There remains for us now to estimate the weight of Mr
Russell's testimony,—to examine the limitations under which it is to be
received,—and to reckon its bearing upon our inquiry.
It sounds paradoxical, but it is nevertheless true,
that the two most valuable conditions of historical evidence, as to the
present, are, absolute ignorance, or perfect knowledge, of the past. Not
that the two kinds of evidence bear in the same manner, or on the same
order of facts. Just as the man who sees for the first time some noble
landscape, perceives with vivid distinctness its broader masses of light
and shade, its more striking harmonies and contrasts of colour, its
leading lines and characteristic forms, but overlooks or even mistakes
many of its details; whilst the man who is familiar with it, remarks
rather its half-tints of colour and semitones of shade, follows lovingly
this ray of light into a nook where his eye has not been wont to
penetrate, observes the brighter green of yonder field, watches the
coming out in the sunlight of some distant rosiness of clover leas or
heathery hill-slopes, his memory often guessing for his eye, so that
indeed, through the very fulness of his knowledge, it often remains
doubtful to strangers where for him vision ends, and imagination
unconsciously supplies its place;—so it is with the aspects of a country
and its people. The man who knows both beforehand, and the man who knows
nothing of them, see equally well, but see quite different things. The
former looks from within; the latter from without. The latter dwells
generally on what is newest to him; the former on what is most familiar.

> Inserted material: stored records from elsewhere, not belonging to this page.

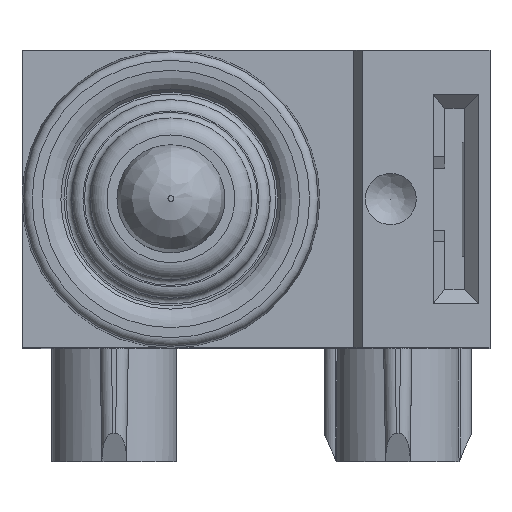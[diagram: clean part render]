
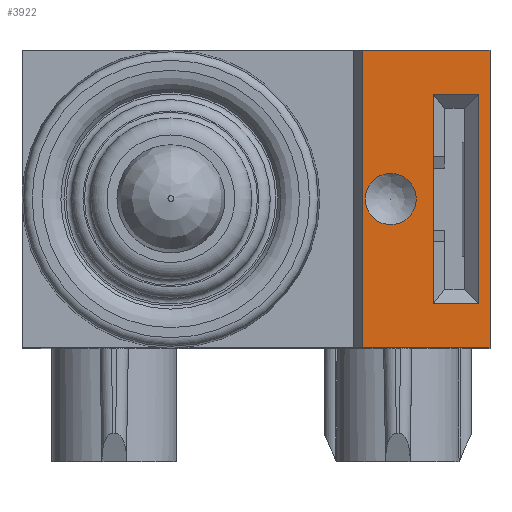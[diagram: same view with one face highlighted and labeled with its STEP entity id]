
A CAD part, top view. The second image highlights one B-rep face of the part: STEP entity #3922.
In plain terms, the highlighted planar face has unit normal (0, 0, 1).
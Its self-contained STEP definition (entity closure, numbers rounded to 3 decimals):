
#57=FACE_BOUND('',#563,.T.);
#58=FACE_BOUND('',#564,.T.);
#116=PLANE('',#4269);
#329=FACE_OUTER_BOUND('',#562,.T.);
#562=EDGE_LOOP('',(#3111,#3112,#3113,#3114));
#563=EDGE_LOOP('',(#3115));
#564=EDGE_LOOP('',(#3116,#3117,#3118,#3119,#3120,#3121));
#833=LINE('',#6005,#1284);
#850=LINE('',#6037,#1301);
#876=LINE('',#6085,#1327);
#903=LINE('',#6197,#1354);
#904=LINE('',#6200,#1355);
#905=LINE('',#6202,#1356);
#906=LINE('',#6204,#1357);
#907=LINE('',#6206,#1358);
#908=LINE('',#6208,#1359);
#909=LINE('',#6209,#1360);
#1284=VECTOR('',#4825,1000.);
#1301=VECTOR('',#4844,1000.);
#1327=VECTOR('',#4878,1000.);
#1354=VECTOR('',#4983,1000.);
#1355=VECTOR('',#4984,1000.);
#1356=VECTOR('',#4985,1000.);
#1357=VECTOR('',#4986,1000.);
#1358=VECTOR('',#4987,1000.);
#1359=VECTOR('',#4988,1000.);
#1360=VECTOR('',#4989,1000.);
#1683=CIRCLE('',#4207,0.45);
#1820=VERTEX_POINT('',#5933);
#1847=VERTEX_POINT('',#6002);
#1848=VERTEX_POINT('',#6004);
#1862=VERTEX_POINT('',#6035);
#1880=VERTEX_POINT('',#6084);
#1927=VERTEX_POINT('',#6198);
#1928=VERTEX_POINT('',#6199);
#1929=VERTEX_POINT('',#6201);
#1930=VERTEX_POINT('',#6203);
#1931=VERTEX_POINT('',#6205);
#1932=VERTEX_POINT('',#6207);
#2242=EDGE_CURVE('',#1820,#1820,#1683,.T.);
#2274=EDGE_CURVE('',#1848,#1847,#833,.T.);
#2291=EDGE_CURVE('',#1847,#1862,#850,.T.);
#2317=EDGE_CURVE('',#1880,#1848,#876,.T.);
#2376=EDGE_CURVE('',#1862,#1880,#903,.T.);
#2377=EDGE_CURVE('',#1927,#1928,#904,.T.);
#2378=EDGE_CURVE('',#1928,#1929,#905,.T.);
#2379=EDGE_CURVE('',#1930,#1929,#906,.T.);
#2380=EDGE_CURVE('',#1930,#1931,#907,.T.);
#2381=EDGE_CURVE('',#1931,#1932,#908,.T.);
#2382=EDGE_CURVE('',#1932,#1927,#909,.T.);
#3111=ORIENTED_EDGE('',*,*,#2376,.T.);
#3112=ORIENTED_EDGE('',*,*,#2317,.T.);
#3113=ORIENTED_EDGE('',*,*,#2274,.T.);
#3114=ORIENTED_EDGE('',*,*,#2291,.T.);
#3115=ORIENTED_EDGE('',*,*,#2242,.F.);
#3116=ORIENTED_EDGE('',*,*,#2377,.T.);
#3117=ORIENTED_EDGE('',*,*,#2378,.T.);
#3118=ORIENTED_EDGE('',*,*,#2379,.F.);
#3119=ORIENTED_EDGE('',*,*,#2380,.T.);
#3120=ORIENTED_EDGE('',*,*,#2381,.T.);
#3121=ORIENTED_EDGE('',*,*,#2382,.T.);
#3922=ADVANCED_FACE('',(#329,#57,#58),#116,.T.);
#4207=AXIS2_PLACEMENT_3D('',#5935,#4764,#4765);
#4269=AXIS2_PLACEMENT_3D('',#6196,#4981,#4982);
#4764=DIRECTION('center_axis',(0.,0.,1.));
#4765=DIRECTION('ref_axis',(0.,-1.,0.));
#4825=DIRECTION('',(0.,1.,0.));
#4844=DIRECTION('',(-1.,0.,0.));
#4878=DIRECTION('',(1.,0.,0.));
#4981=DIRECTION('center_axis',(0.,0.,1.));
#4982=DIRECTION('ref_axis',(0.,-1.,0.));
#4983=DIRECTION('',(0.,-1.,0.));
#4984=DIRECTION('',(-1.,0.,0.));
#4985=DIRECTION('',(0.,1.,0.));
#4986=DIRECTION('',(0.,-1.,0.));
#4987=DIRECTION('',(0.,1.,0.));
#4988=DIRECTION('',(1.,0.,0.));
#4989=DIRECTION('',(0.,-1.,0.));
#5933=CARTESIAN_POINT('',(2.375,0.45,7.45));
#5935=CARTESIAN_POINT('Origin',(2.375,0.,7.45));
#6002=CARTESIAN_POINT('',(4.125,2.625,7.45));
#6004=CARTESIAN_POINT('',(4.125,-2.625,7.45));
#6005=CARTESIAN_POINT('',(4.125,2.625,7.45));
#6035=CARTESIAN_POINT('',(1.875,2.625,7.45));
#6037=CARTESIAN_POINT('',(-4.125,2.625,7.45));
#6084=CARTESIAN_POINT('',(1.875,-2.625,7.45));
#6085=CARTESIAN_POINT('',(-4.125,-2.625,7.45));
#6196=CARTESIAN_POINT('Origin',(0.,0.,7.45));
#6197=CARTESIAN_POINT('',(1.875,2.625,7.45));
#6198=CARTESIAN_POINT('',(3.925,-1.85,7.45));
#6199=CARTESIAN_POINT('',(3.125,-1.85,7.45));
#6200=CARTESIAN_POINT('',(3.325,-1.85,7.45));
#6201=CARTESIAN_POINT('',(3.125,-0.75,7.45));
#6202=CARTESIAN_POINT('',(3.125,-0.75,7.45));
#6203=CARTESIAN_POINT('',(3.125,0.75,7.45));
#6204=CARTESIAN_POINT('',(3.125,0.75,7.45));
#6205=CARTESIAN_POINT('',(3.125,1.85,7.45));
#6206=CARTESIAN_POINT('',(3.125,1.85,7.45));
#6207=CARTESIAN_POINT('',(3.925,1.85,7.45));
#6208=CARTESIAN_POINT('',(3.675,1.85,7.45));
#6209=CARTESIAN_POINT('',(3.925,-1.6,7.45));

The latter often grossly mistakes what he sees, from not understanding
it. The former, from understanding so well, often imports the past into
the present, and fancies he sees what is not really to be seen, because
he has seen it hitherto, and thinks he must see it still.
Now, Mr Russell's evidence as to India has this great
quality of previous ignorance. He visibly knows less of the country and
its people than I trust is usual amongst barristers and LL. D. 's. He
somewhere speaks of Siva, the Destroyer-god of the Hindoo trinity, whose
obscene symbol denotes essentially his masculine character, as if he
were a female divinity. He is present at the festival of Kalee, Siva's
dread consort, without apparently knowing anything about her functions;
"the name of this idol is Kalee," is all he says. He evidently
confounds, more than once, Hindoo temples with Mussulman mosques. He
speaks of the "Brahmin Rajpoots," a phrase about as sensible as the
"Commoner Peers of England," or "Her Majesty's Horse Guards Foot,"—since
Brahmins and Rajpoots are two entirely distinct, and very often
antagonistic castes. He speaks of a "chuprassie," (messenger,) "engraved
with many fine flourishes of honour,"—confounding the man with his
badge, very much as if he had spoken of a ''ticket-porter in white
metal." All these marks of ignorance are, in fact, invaluable as
respects the weight of his evidence, so far as it depends upon Bight or
hearsay. For they shew clearly that we have before us no deep
Orientalist, no inveterate philo-Hindoo; that the writer must have
looked at India from a purely English, and not even Anglo-Indian point
of view. They shew clearly that he must have derived his information
only from English sources, or from or through natives so far Anglicised
as to speak our language. That the latter form an almost imperceptible
minority, except at the Presidencies, is well known. That Mr Russell's
opportunities of converse with them were extremely limited, is evident
from the fact, that he only spent a few days at Calcutta in the first
instance, and a few weeks (of which he gives no record) in the last,—his
servant Simon, the Roman Catholic convert, being the only one of the
class with whom he seems to have had continual familiar intercourse. And
not only were his sources of information thus almost exclusively
English, bat almost exclusively such as would carry no bias in favour of
the natives of India;—officials of either service; soldiers engaged in
quelling a rebellion, civilians in punishing it. Thus, whatever witness
he may bear against us or our rule in India, must come with tenfold
weight, as passing through the sieve of every natural, official, and
temporary prejudice which might hinder it from reaching us. Under such
circumstances, we dare not omit to notice that Mr Russell does not
record one single act of signal clemency on the part of an individual
European towards a native enemy, nor one of self-devotion for a native
ally, amidst so many of savage revenge, or callousness of heart; nor
yet, that in many places he hints at much more than he has told. Fearful
as it is to think of it, it is not too much to say, that for every act
of folly, oppression, cruelty, which he is thus able to record against
Englishmen, or the English rule, native evidence must be able to supply
a thousand ; whilst it is perfectly impossible for us even to conceive
the effects of any such act when seen from the point of view of the
native, of his sufferings, of his sympathies, of his prejudices, nor yet
those of a host of other acts, comparatively or even wholly innocent on
our part, which the gulf of race, religion, manners, renders oppressive
and even deadly,— like the stones in the fable, flung by children at
play, but fatal to the poor frogs down the well.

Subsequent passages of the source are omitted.